¹H NMR (400 MHz, CDCl₃) δ 7.98 (dd, J = 12.2, 8.4 Hz, 2H); 7.62 (t, J = 7.5 Hz, 1H); 7.49 (t, J = 7.6 Hz, 1H); 5.60 (d, J = 3.3 Hz, 1H); 2.89–2.78 (m, 2H); 2.70 (s, 3H); 2.31 (dt, J = 17.5, 4.6 Hz, 1H); 2.19–2.05 (m, 2H); 1.94–0.99 (m, 21H); 0.93 (m, 12H) and 0.76 (s, 3H). ¹³C{¹H} NMR (101 MHz, CDCl₃) δ 161.3; 145.7; 139.8; 139.2; 132.4; 128.9; 128.6; 128.2; 128.1; 125.3; 124.4; 56.9; 56.3; 47.3; 42.6; 40.0; 39.5; 38.0; 36.2; 35.8; 34.6; 32.31; 32.30; 32.0; 28.3; 28.0; 24.2; 23.9; 23.7; 22.8; 22.6; 22.0; 18.7; 15.5 and 12.1. HRMS: m/z (MALDI-TOF) positive ion, which was calculated for C₃₅H₅₀N: [M + H]⁺ 484.3943, found: 484.3941 (see Supplementary Materials).

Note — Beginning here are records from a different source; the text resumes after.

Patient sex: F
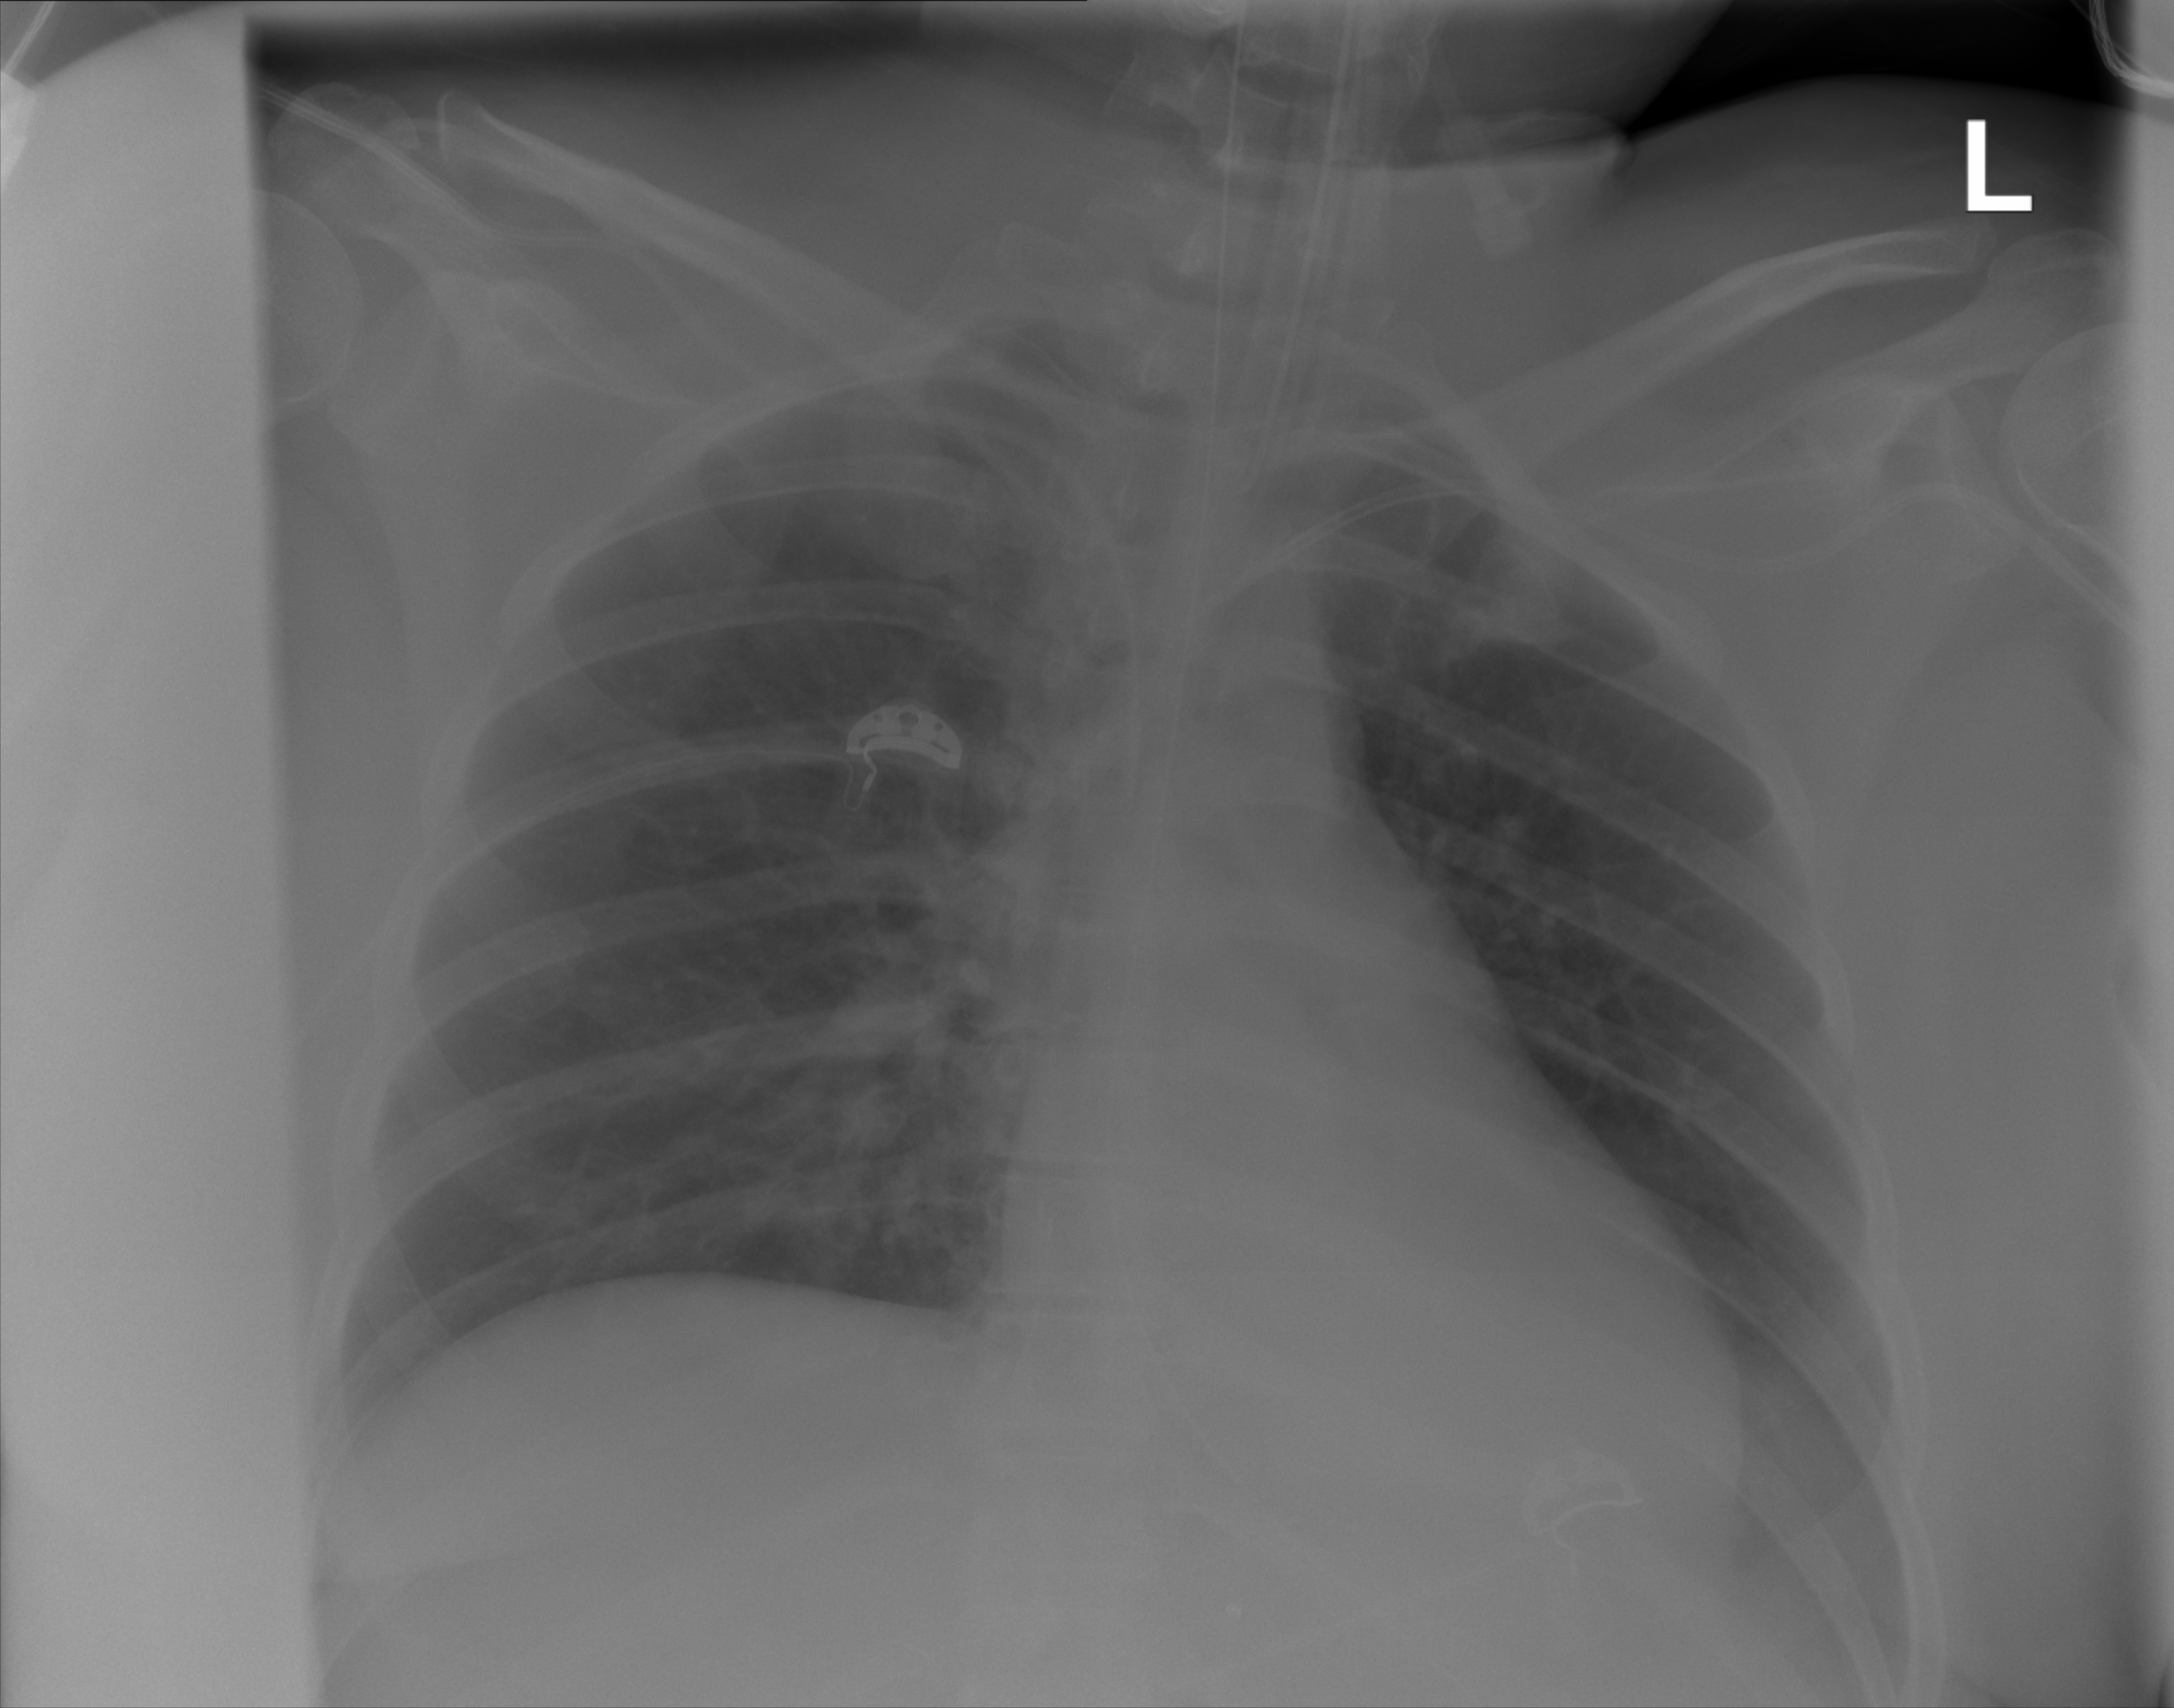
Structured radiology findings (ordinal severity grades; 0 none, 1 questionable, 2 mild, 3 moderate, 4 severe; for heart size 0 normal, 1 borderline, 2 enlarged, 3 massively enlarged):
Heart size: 0
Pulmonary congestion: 0
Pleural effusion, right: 0
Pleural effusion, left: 2
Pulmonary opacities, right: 0
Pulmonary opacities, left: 0
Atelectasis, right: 0
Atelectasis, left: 2

A mixture of 2-Aminoacetophenone 1 (0.44 mmol, 59 mg, 53 µL and 1.1 equivalent), (+)-4-cholesten-3-one 2 (0.4 mmol, 154 mg and 1.0 equivalent) and NaAuCl₄·2H₂O (0.02 mmol, 8 mg and 0.05 equivalent) in EtOH (2 mL) was stirred at 110 °C for 5 h. After completion (reaction monitored via TLC elution in pure CH₂Cl₂), the mixture was diluted using a saturated solution of NaHCO₃ and extracted using CH₂Cl₂ (25 mL × 3). The combined organic layers were dried using anhydrous Na₂SO₄. After the removal of the solvent at reduced pressure, the crude was purified via flash chromatography (eluents: n-hexane/CH₂Cl₂ mixtures from 9:1 to pure CH₂Cl₂) to yield 30 mg of (1R,13aR,15aR)-12,13a,15a-trimethyl-1-((R)-6-methylheptan-2-yl)-2,3,3a,3b,4,5,13,13a,13b,14,15,15a-dodecahydro-1H-cyclopenta[5,6]naphtho[1,2-b]acridine (4) as a white solid (yield 30%; mp 136.3–138.8 °C; [α]_D= 30.06 (c 0.02 in CHCl₃). IR (cm⁻¹): 2928; 2868; 1451; 1380; 761; 754.

¹H NMR (400 MHz, CDCl₃) δ 7.92 (dd, J = 22.8, 8.3 Hz, 2H); 7.56 (t, J = 7.6 Hz, 1H); 7.41 (t, J = 7.6 Hz, 1H); 6.45 (s, 1H); 3.26 (d, J = 15.3 Hz, 1H); 2.55 (s, 3H); 2.53–2.37 (m, 3H); 2.07 (t, J = 12.3 Hz, 1H); 1.91–0.98 (m, 21H); 0.97–0.82 (m, 12H) and 0.74 (s, 3H). ¹³C{¹H} NMR (101 MHz, CDCl₃) δ 156.7; 153.5; 146.5; 139.1; 129.2; 128.0; 127.6; 125.7; 125.1; 123.6; 123.4; 56.3; 56.1; 53.6; 42.7; 39.9; 39.5; 39.2; 38.8; 36.2; 36.1; 35.8; 31.7; 31.5; 29.7; 28.2; 28.0; 24.3; 23.9; 22.8; 22.6; 21.9; 18.7; 18.4; 13.4 and 11.9. HRMS: m/z (MALDI-TOF) positive ion, which was calculated for C₃₅H₅₀N: [M + H]⁺ 484.3943, found: 484.3945 (see Supplementary Materials).

4. Conclusions

In summary, we presented a direct means of accessing synthetically relevant fused angular- and linear 4-methyl-substituted quinoline derivatives of 4-cholesten-3-one. In addition to successfully adjusting the reaction parameters to maximize the yield of the angular regioisomer, the challenging linear derivative has been achieved in a significant isolated yield for the first time. The evaluation of the biological activity of both molecules will occur in due course in our laboratory.